The kernel space needs to be invigorated using a new userland that demands new and innovative functionality from the underlying system. Suppose you were to design a user environment for the next 30 years. What would the central abstractions be? What sort of applications would it support?


Pike:
At the risk of contradicting my last answer a little, let me ask you back: Does the kernel matter any more? I don't think it does. They're all the same at some level. I don't care nearly as much as I used to about the what the kernel does; it's so easy to emulate your way back to a familiar state.

Applications - web browsers, MP3 players, games, all that jazz - and networks are where the action is today, and aside from irritating little incompatibilities, the kernel has become a commodity. Almost all the programs I care about can run above Windows, Unix, Plan 9, and on PCs, Macs, palmtops and more. And that, of course, is why these all have a POSIX interface: so they can support those applications.

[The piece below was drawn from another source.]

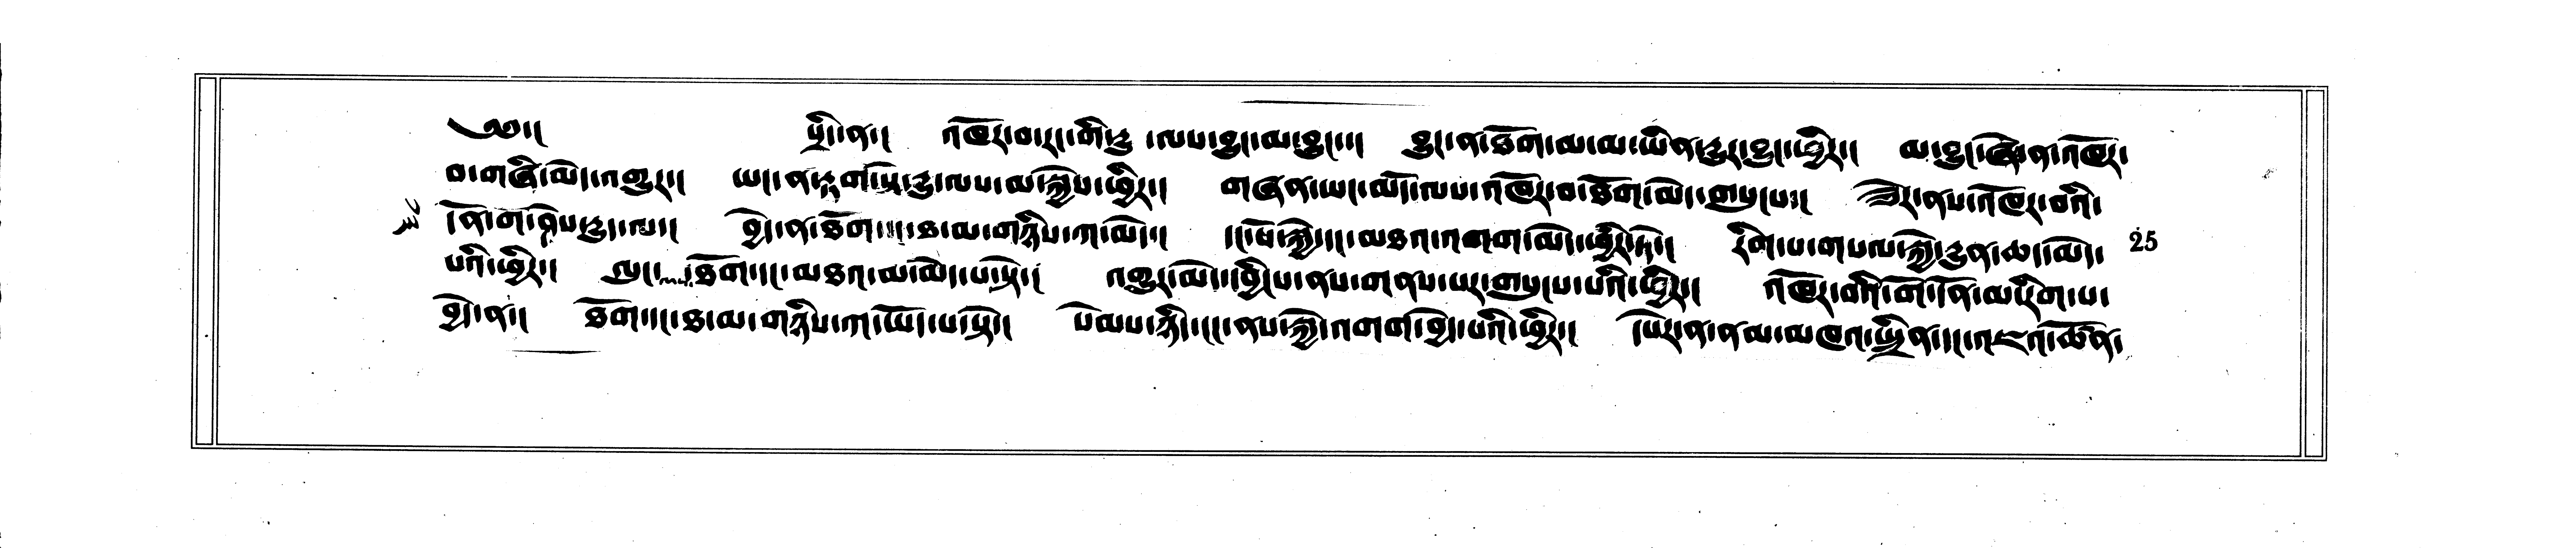སྲིད་ན། །འཁོར་བ་རང་གི་རྒྱུ་ལས་བྱུང་མ་བྱུང་། །བྱུང་ན་ཐོག་མ་མ་ཡིན་རྒྱུར་བྱུང་ཕྱིར། །མ་བྱུང་ཞེ་ན་འཁོར་
བ་གཞི་མེད་འགྱུར། །ཡང་ན་རྟག་སྟེ་རྒྱུ་ལས་མ་སྐྱེས་ཕྱིར། །གཞན་ཡང་མདོ་ལས་འཁོར་བ་ཐོག་མེད་གསུངས། །ཟེར་ནས་འཁོར་བའི་
དོན་གོ་ཤེས་རྒྱུད་ལ། །བྱེད་ན་ཐོག་དང་ཐ་མ་གཉིས་ཀ་མེད། །དང་པོ་སྐྱེ་དང་མཐའ་འགག་མེད་ཕྱིར་ཏེ། །རིག་པ་གསལ་སྐྱེ་རྒྱུན་ཆད་མེད་
པའི་ཕྱིར། །ལུང་ལས་ཐོག་དང་འཐའ་མ་མེད་པ་སྟེ། །འགྱུར་མེད་དབྱིངས་ན་གནས་པར་གསུངས་པའི་ཕྱིར། །འཁོར་བའི་གོ་དོན་མ་རིག་པ་
བྱེད་ན། །ཐོག་དང་ཐ་མ་གཉིས་ཀ་ཡོད་པ་སྟེ། །སེམས་ཉིད་ངང་ནས་སྐྱེ་འགག་བྱེད་པའི་ཕྱིར། །དཔེར་ན་ནམ་མཁའ་སྤྲིན་དང་འཇའ་ཚོན་

And then there's the standard network protocols to glue things together. It's all a uniform sea of interoperability (and bugs).

I think the future lies in new hardware as much as in new software. A generation from now machines will be so much more portable than they are now, so much more powerful, so much more interactive that we haven't begun to think about the changes they will bring. This may be the biggest threat to Microsoft: the PC, the desktop, the laptop, will all go the way of the slide rule. As one example, when flexible organic semiconductor displays roll out in a few years, the transformation in how and where people use computers and other devices will be amazing. It's going to be a wild ride.